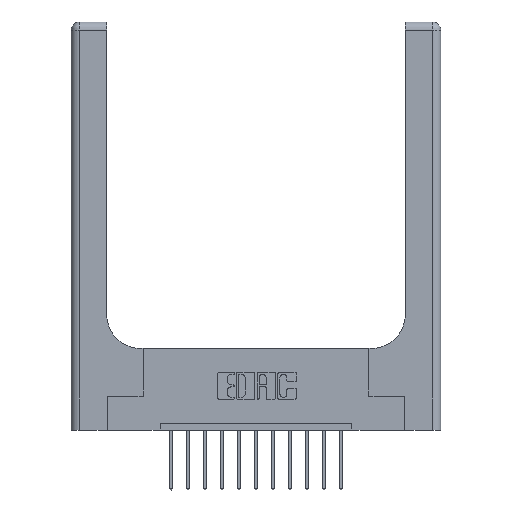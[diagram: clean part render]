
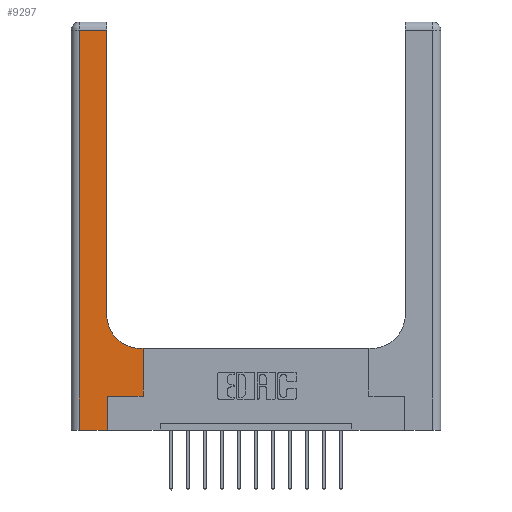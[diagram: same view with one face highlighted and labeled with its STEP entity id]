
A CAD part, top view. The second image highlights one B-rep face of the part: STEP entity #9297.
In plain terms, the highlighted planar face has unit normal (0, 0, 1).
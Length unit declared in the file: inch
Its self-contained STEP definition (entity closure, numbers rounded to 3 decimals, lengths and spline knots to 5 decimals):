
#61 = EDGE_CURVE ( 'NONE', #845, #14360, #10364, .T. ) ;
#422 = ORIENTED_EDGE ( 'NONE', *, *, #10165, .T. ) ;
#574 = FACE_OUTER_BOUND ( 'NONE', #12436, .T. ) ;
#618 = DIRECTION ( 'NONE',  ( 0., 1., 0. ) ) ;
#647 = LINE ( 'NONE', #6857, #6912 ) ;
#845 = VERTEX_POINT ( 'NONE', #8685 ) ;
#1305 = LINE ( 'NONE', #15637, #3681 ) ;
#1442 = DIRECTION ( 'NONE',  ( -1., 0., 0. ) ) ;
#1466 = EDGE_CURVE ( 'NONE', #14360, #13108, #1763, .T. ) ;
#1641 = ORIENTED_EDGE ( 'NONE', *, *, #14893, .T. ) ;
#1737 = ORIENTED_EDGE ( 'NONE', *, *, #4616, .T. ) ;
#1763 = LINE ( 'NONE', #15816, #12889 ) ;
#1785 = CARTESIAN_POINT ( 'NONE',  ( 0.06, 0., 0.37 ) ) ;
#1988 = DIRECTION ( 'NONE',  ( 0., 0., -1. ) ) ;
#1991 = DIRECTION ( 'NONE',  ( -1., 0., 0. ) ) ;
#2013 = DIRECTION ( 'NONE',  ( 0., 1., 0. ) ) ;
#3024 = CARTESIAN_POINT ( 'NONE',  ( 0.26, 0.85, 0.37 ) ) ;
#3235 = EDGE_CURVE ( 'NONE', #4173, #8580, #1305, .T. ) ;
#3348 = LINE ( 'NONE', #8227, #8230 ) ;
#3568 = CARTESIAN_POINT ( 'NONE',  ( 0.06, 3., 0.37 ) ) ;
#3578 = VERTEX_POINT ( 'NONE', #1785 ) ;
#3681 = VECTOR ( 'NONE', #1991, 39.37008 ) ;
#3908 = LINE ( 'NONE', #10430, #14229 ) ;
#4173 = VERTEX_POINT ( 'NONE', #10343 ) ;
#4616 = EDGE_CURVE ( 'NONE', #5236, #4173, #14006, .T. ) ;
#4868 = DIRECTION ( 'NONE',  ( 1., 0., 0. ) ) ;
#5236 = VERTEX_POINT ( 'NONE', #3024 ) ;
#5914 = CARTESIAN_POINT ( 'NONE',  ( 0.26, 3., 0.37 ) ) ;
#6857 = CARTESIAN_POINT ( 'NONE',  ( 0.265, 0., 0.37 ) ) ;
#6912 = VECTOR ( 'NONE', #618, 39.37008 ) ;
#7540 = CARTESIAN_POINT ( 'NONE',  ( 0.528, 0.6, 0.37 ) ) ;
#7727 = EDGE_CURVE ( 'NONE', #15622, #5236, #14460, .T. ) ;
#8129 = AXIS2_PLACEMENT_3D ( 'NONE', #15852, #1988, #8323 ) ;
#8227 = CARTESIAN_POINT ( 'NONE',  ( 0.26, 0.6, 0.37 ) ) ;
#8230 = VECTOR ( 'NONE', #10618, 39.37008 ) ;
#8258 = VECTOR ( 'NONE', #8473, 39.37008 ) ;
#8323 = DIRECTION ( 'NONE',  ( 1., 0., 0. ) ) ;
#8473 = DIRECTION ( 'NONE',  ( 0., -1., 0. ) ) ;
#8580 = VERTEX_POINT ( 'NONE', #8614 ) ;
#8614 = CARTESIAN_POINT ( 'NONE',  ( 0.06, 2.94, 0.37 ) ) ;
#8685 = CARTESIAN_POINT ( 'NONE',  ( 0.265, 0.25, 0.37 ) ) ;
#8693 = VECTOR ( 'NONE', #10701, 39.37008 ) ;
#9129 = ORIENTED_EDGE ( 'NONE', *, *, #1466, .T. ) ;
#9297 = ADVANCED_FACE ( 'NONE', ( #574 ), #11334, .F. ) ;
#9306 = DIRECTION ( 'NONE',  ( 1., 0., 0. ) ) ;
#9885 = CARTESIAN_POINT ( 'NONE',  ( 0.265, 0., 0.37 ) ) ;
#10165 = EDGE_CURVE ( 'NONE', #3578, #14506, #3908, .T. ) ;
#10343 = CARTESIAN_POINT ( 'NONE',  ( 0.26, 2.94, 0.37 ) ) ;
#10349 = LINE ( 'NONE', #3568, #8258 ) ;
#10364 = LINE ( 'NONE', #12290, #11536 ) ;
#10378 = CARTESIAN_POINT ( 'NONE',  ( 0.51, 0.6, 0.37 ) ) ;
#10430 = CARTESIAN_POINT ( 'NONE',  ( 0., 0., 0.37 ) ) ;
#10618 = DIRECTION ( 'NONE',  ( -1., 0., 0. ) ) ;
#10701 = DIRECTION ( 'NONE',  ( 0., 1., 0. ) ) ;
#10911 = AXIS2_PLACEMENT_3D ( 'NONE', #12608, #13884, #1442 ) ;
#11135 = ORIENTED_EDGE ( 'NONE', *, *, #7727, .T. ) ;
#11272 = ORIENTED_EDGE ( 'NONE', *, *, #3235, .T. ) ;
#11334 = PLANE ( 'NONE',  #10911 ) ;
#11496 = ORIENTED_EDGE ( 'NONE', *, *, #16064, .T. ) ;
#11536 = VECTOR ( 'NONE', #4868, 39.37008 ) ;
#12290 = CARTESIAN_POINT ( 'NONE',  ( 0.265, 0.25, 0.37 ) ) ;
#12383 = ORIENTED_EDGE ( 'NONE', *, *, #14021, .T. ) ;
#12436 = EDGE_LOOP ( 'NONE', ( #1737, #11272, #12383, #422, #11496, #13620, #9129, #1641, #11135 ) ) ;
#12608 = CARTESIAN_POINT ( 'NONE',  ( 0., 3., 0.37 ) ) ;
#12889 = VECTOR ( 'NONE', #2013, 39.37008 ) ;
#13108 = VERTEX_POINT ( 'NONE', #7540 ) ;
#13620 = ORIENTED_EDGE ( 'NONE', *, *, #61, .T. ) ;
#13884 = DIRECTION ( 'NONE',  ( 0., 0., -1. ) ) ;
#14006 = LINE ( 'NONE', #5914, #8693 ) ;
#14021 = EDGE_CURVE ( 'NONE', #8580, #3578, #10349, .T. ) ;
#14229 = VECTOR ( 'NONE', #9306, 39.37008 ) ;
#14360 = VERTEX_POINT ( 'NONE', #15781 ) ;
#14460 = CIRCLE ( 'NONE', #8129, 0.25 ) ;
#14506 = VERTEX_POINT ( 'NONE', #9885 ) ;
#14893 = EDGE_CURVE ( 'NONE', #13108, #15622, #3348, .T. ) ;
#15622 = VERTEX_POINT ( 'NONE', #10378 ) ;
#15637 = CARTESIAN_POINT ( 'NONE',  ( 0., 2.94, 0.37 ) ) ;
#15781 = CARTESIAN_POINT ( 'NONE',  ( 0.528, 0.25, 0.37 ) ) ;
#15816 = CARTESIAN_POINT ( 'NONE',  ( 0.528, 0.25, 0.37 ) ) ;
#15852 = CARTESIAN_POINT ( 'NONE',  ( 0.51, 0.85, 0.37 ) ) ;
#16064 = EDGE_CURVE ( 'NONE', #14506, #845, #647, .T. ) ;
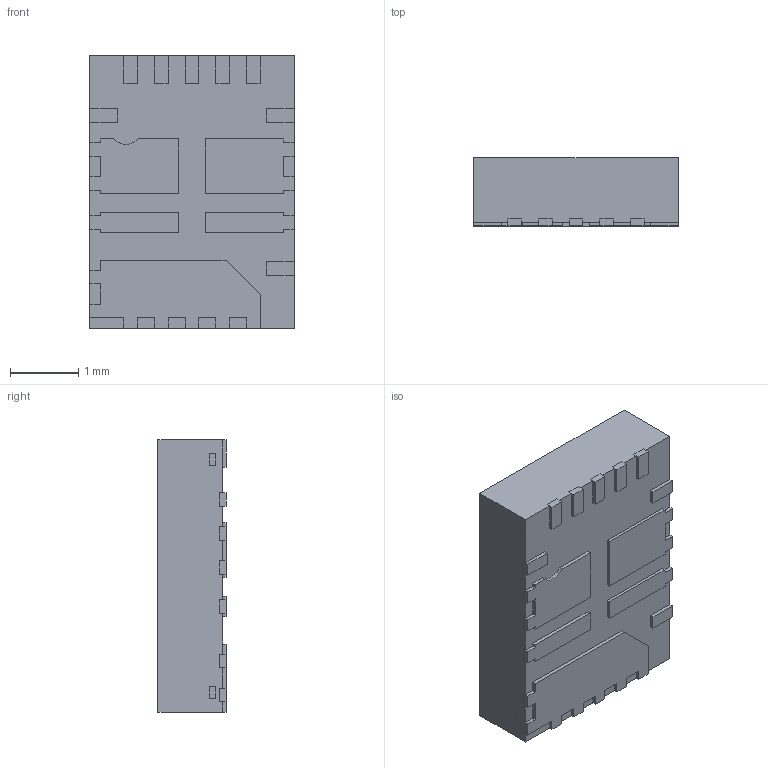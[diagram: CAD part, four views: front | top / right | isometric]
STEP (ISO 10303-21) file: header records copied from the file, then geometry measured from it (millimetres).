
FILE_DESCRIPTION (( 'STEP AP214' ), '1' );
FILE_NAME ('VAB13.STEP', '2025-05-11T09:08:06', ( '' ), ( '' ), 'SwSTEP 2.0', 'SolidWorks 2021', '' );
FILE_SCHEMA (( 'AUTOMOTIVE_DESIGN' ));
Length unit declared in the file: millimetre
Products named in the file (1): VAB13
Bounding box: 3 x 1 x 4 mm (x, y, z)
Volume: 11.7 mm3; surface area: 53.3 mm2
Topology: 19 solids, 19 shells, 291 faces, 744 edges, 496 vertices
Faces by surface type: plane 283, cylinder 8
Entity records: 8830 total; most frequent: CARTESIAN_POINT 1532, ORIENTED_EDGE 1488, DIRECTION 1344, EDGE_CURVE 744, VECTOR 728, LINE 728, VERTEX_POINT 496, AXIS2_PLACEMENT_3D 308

-.-.-

Task statement =>
Exactly the lines above, from the one containing "[diagram: CAD part, four" down to the one containing "Faces by surface type: plane 283, cylinder 8", are to be repeated, including both ends. Pictures are not part of the copy.

Exercise solution =>
[diagram: CAD part, four views: front | top / right | isometric]
STEP (ISO 10303-21) file: header records copied from the file, then geometry measured from it (millimetres).
FILE_DESCRIPTION (( 'STEP AP214' ), '1' );
FILE_NAME ('VAB13.STEP', '2025-05-11T09:08:06', ( '' ), ( '' ), 'SwSTEP 2.0', 'SolidWorks 2021', '' );
FILE_SCHEMA (( 'AUTOMOTIVE_DESIGN' ));
Length unit declared in the file: millimetre
Products named in the file (1): VAB13
Bounding box: 3 x 1 x 4 mm (x, y, z)
Volume: 11.7 mm3; surface area: 53.3 mm2
Topology: 19 solids, 19 shells, 291 faces, 744 edges, 496 vertices
Faces by surface type: plane 283, cylinder 8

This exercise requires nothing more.